### Action item
From the entries below, copy every line where the string "ground" appears.

Stored records:
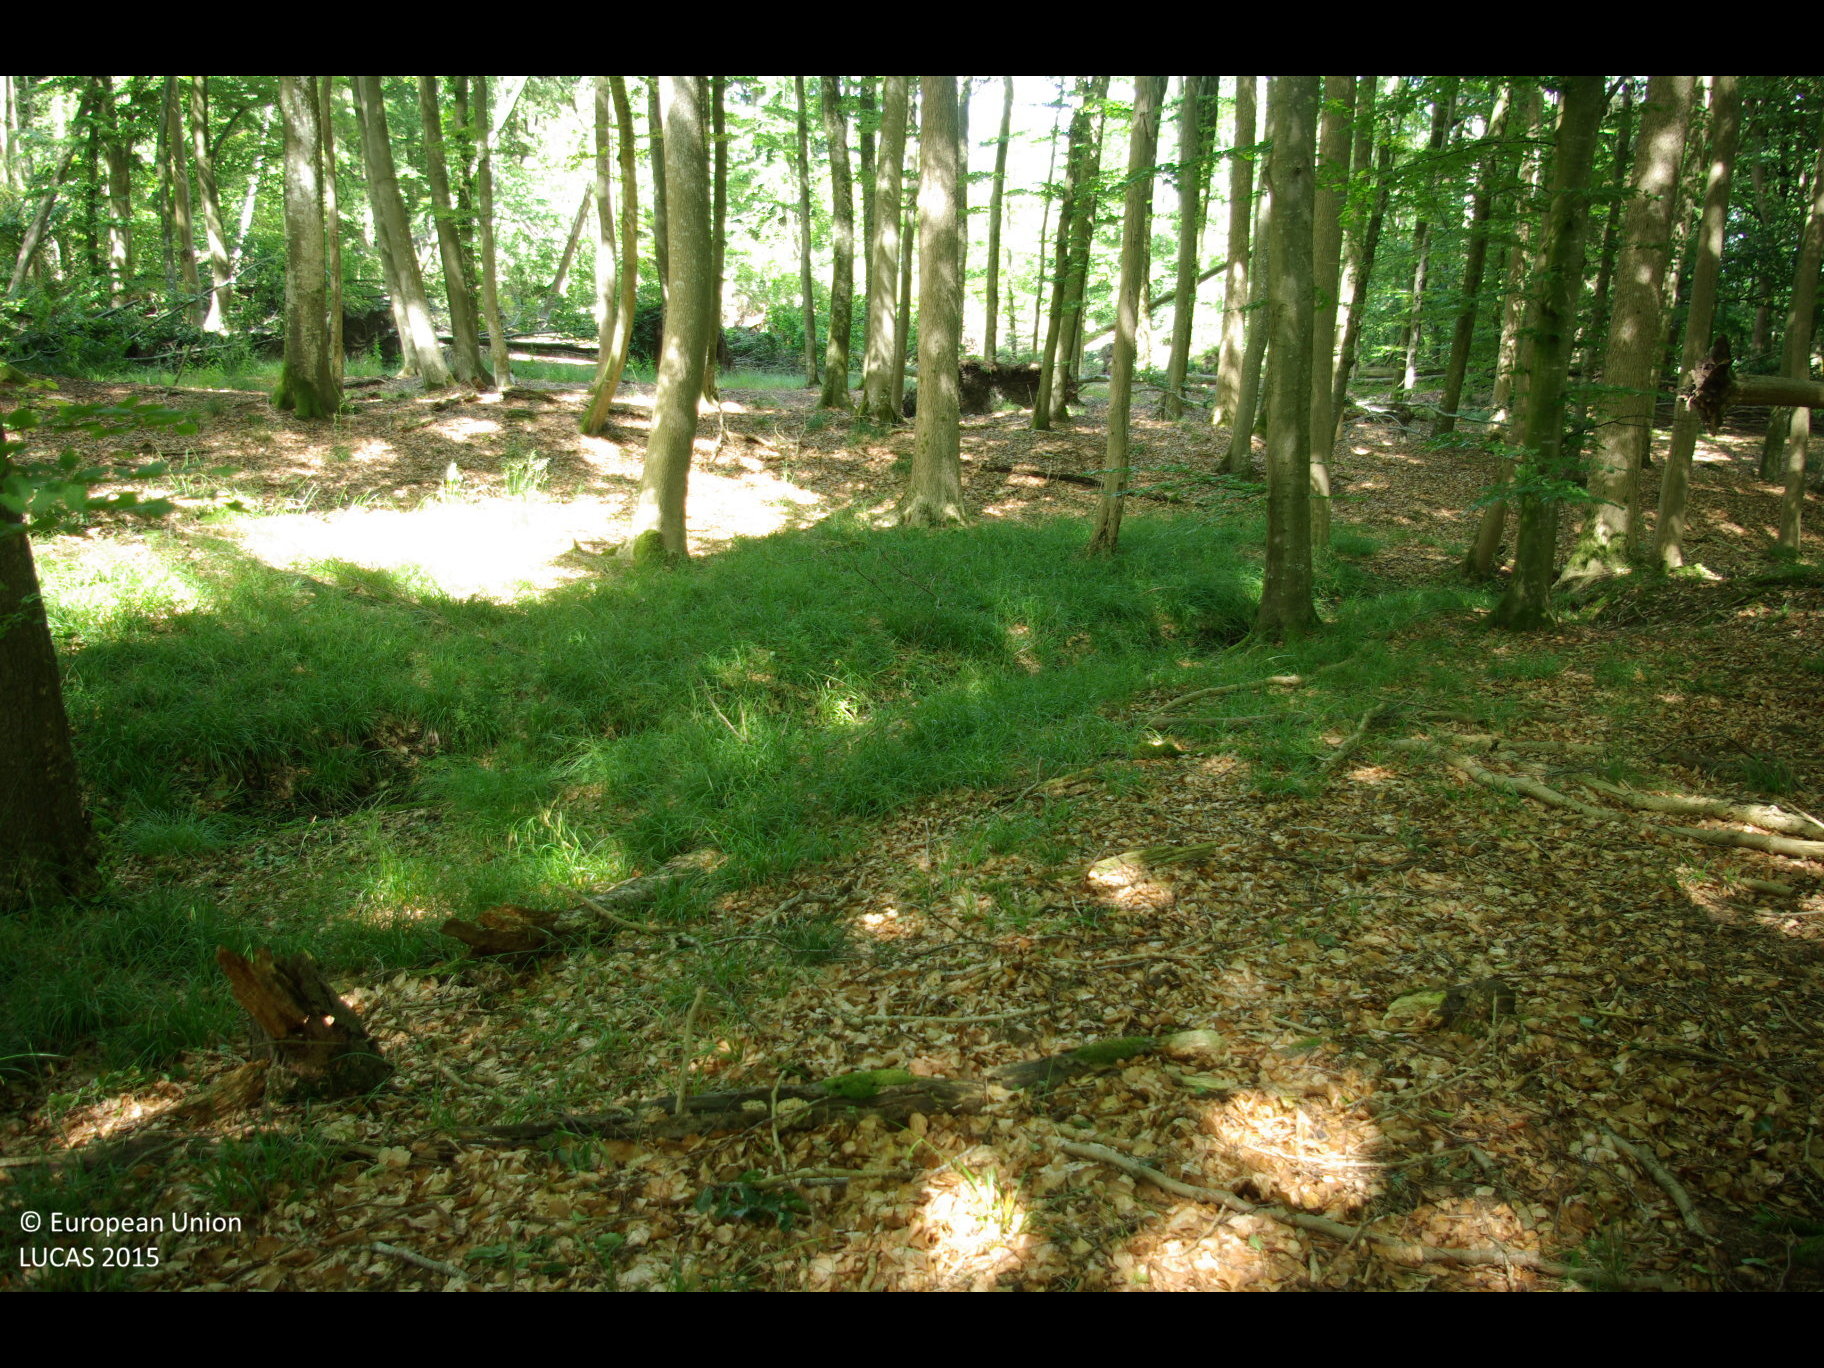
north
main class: Woodland
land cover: Broadleaved woodland
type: mesophytic deciduous forest
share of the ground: > 75 %
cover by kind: broadleaved forest trees 95 %, unconsolidated bare surface 5 %
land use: Forestry
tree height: > 5 m
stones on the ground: 10 - 25 %
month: July
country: DE
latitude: 54.3884
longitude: 9.3075

### Solved exercise
share of the ground: > 75 %
stones on the ground: 10 - 25 %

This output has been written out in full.